[Start of Attachment]

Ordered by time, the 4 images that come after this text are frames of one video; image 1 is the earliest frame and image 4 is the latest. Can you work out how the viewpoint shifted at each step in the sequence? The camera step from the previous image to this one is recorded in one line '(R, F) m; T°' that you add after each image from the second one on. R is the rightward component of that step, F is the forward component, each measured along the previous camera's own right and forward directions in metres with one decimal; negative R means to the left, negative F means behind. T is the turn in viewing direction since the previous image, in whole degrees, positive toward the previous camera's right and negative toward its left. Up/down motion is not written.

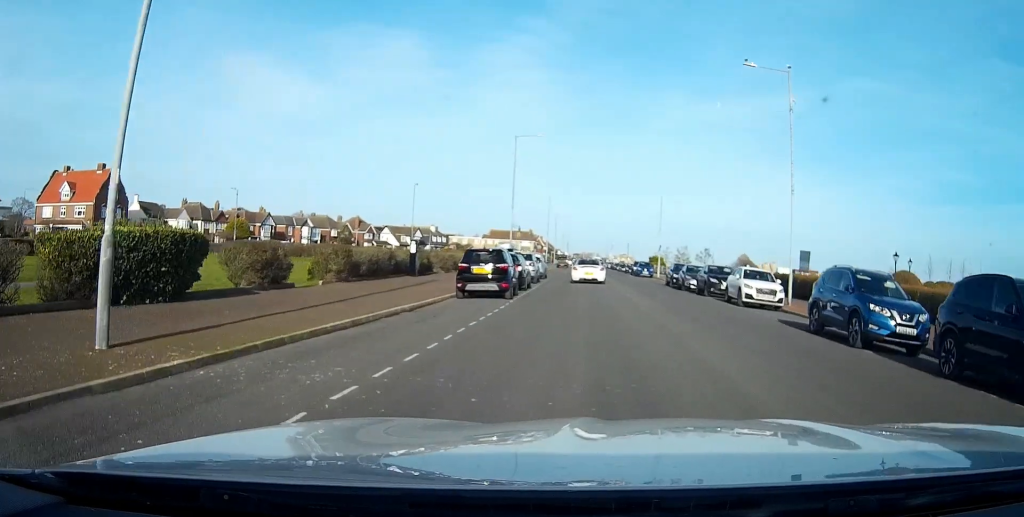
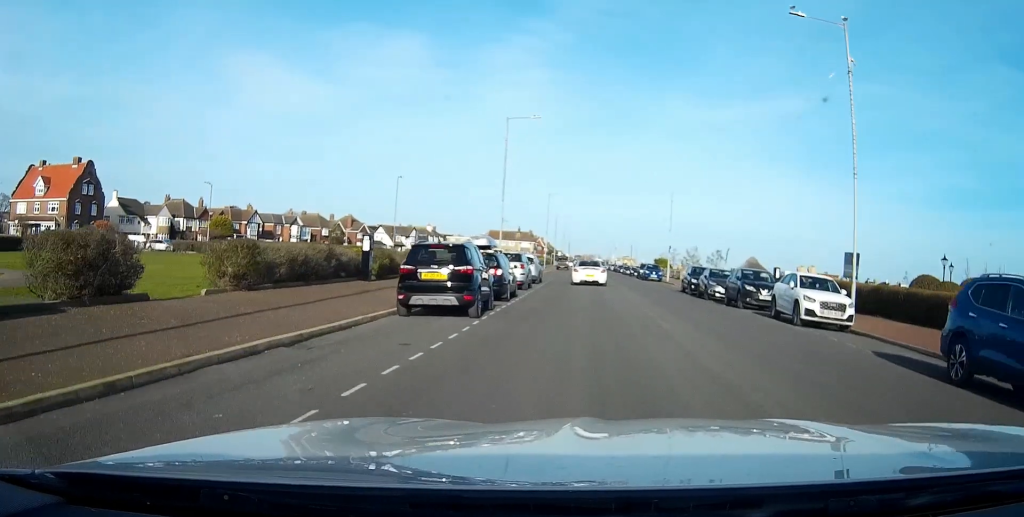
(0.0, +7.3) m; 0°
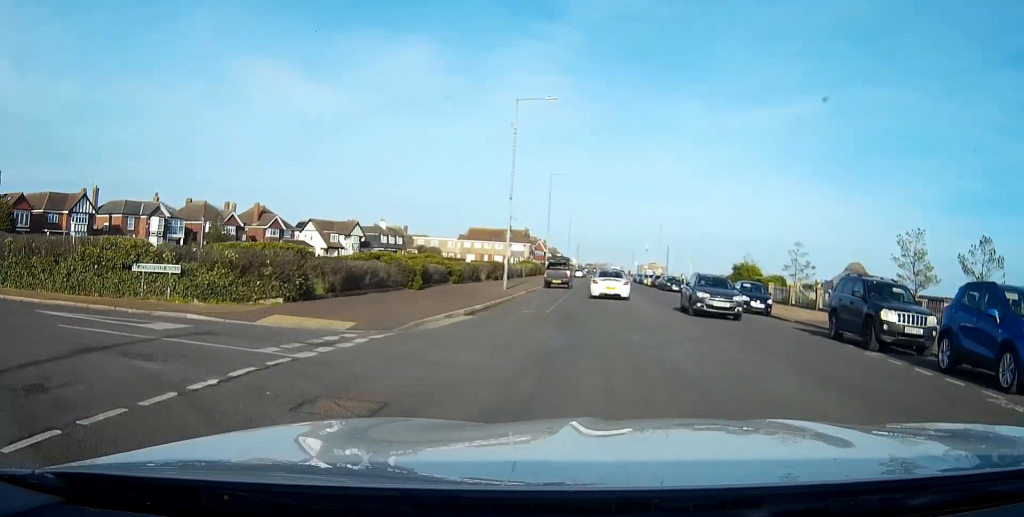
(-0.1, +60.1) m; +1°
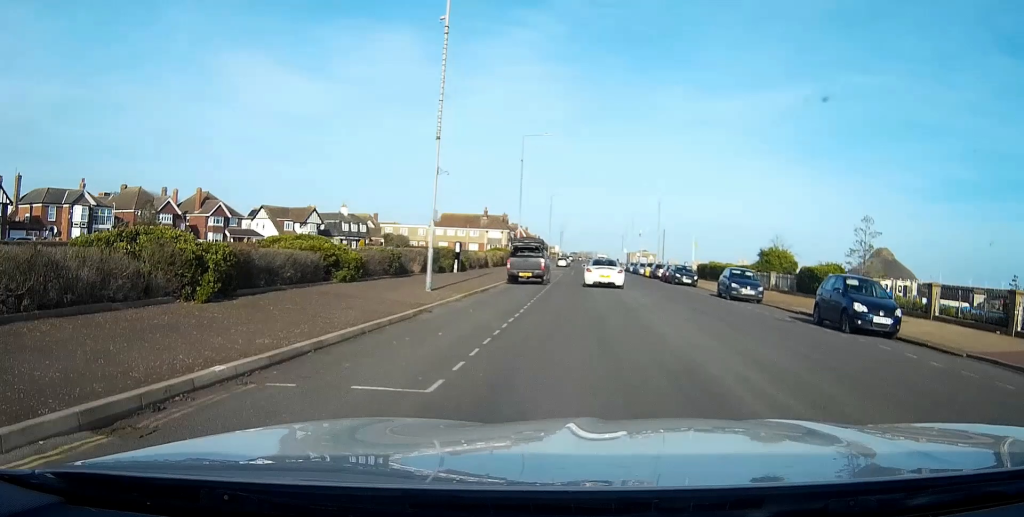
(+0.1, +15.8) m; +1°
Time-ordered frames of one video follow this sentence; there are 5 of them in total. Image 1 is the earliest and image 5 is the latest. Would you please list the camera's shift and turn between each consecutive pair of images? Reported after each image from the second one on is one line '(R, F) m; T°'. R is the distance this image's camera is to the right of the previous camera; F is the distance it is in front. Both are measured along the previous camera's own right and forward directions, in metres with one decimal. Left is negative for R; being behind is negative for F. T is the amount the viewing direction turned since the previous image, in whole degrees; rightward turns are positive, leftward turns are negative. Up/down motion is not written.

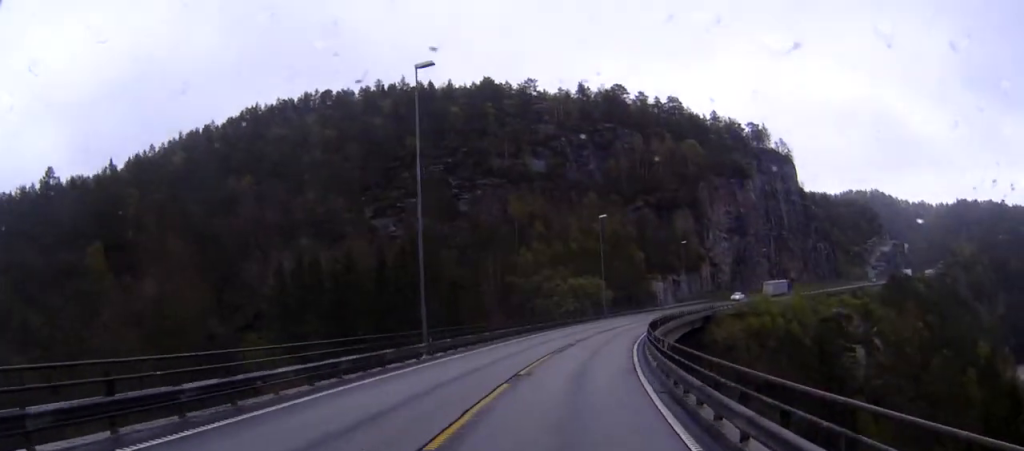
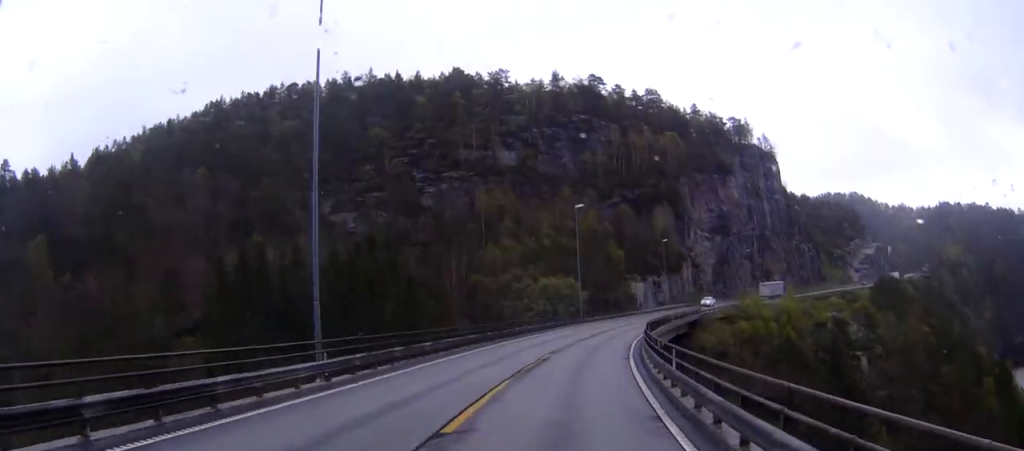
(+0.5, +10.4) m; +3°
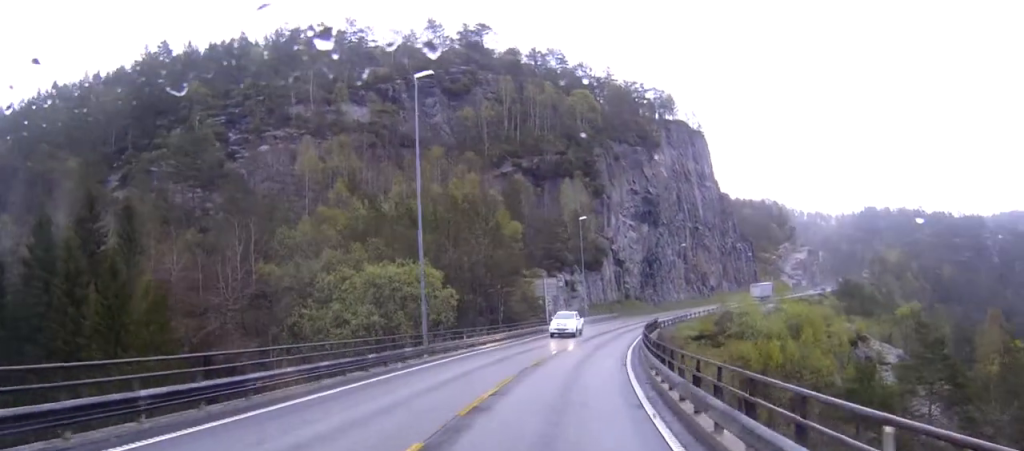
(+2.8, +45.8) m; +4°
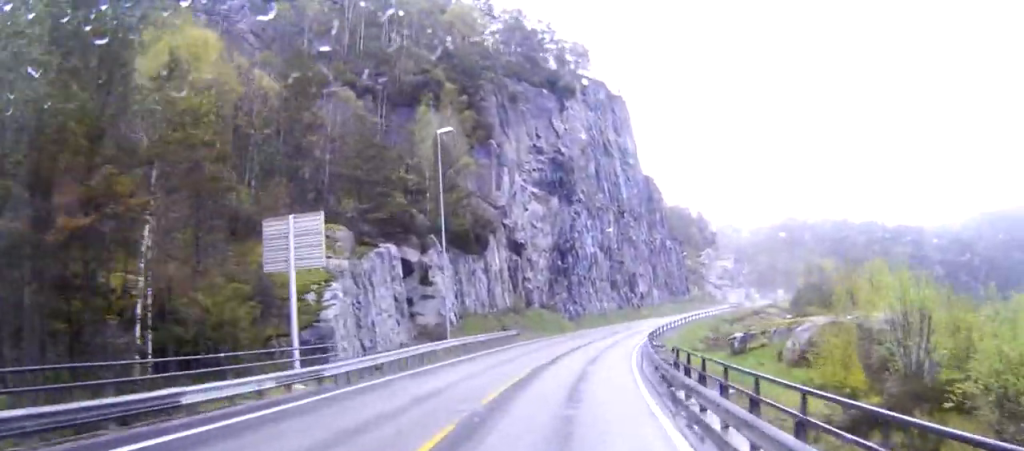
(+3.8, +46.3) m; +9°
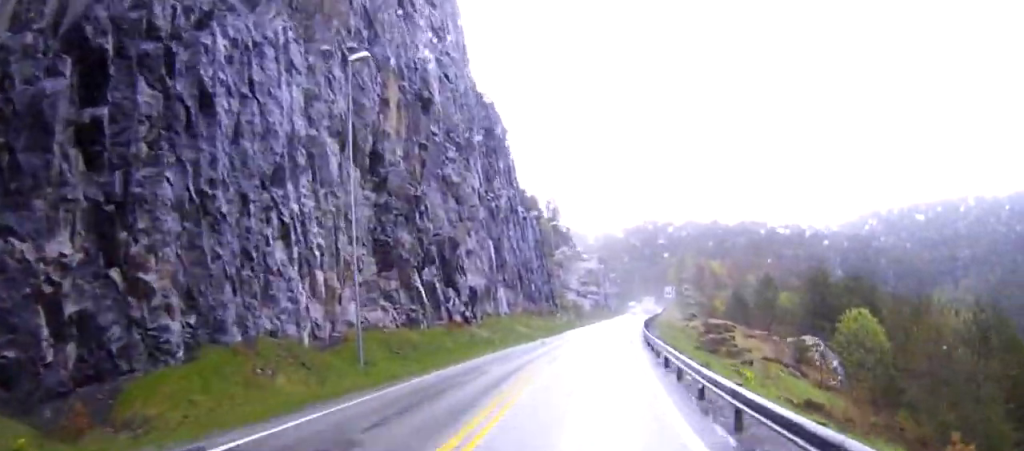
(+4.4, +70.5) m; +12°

[End of Attachment]

Work order: A word-for-word copy of the listing is the goal; keep every picture out of it.

Answer section:
Ordered by time, the 4 images that come after this text are frames of one video; image 1 is the earliest frame and image 4 is the latest. Can you work out how the viewpoint shifted at each step in the sequence? The camera step from the previous image to this one is recorded in one line '(R, F) m; T°' that you add after each image from the second one on. R is the rightward component of that step, F is the forward component, each measured along the previous camera's own right and forward directions in metres with one decimal; negative R means to the left, negative F means behind. T is the turn in viewing direction since the previous image, in whole degrees, positive toward the previous camera's right and negative toward its left. Up/down motion is not written.

(0.0, +7.3) m; 0°
(-0.1, +60.1) m; +1°
(+0.1, +15.8) m; +1°
Time-ordered frames of one video follow this sentence; there are 5 of them in total. Image 1 is the earliest and image 5 is the latest. Would you please list the camera's shift and turn between each consecutive pair of images? Reported after each image from the second one on is one line '(R, F) m; T°'. R is the distance this image's camera is to the right of the previous camera; F is the distance it is in front. Both are measured along the previous camera's own right and forward directions, in metres with one decimal. Left is negative for R; being behind is negative for F. T is the amount the viewing direction turned since the previous image, in whole degrees; rightward turns are positive, leftward turns are negative. Up/down motion is not written.

(+0.5, +10.4) m; +3°
(+2.8, +45.8) m; +4°
(+3.8, +46.3) m; +9°
(+4.4, +70.5) m; +12°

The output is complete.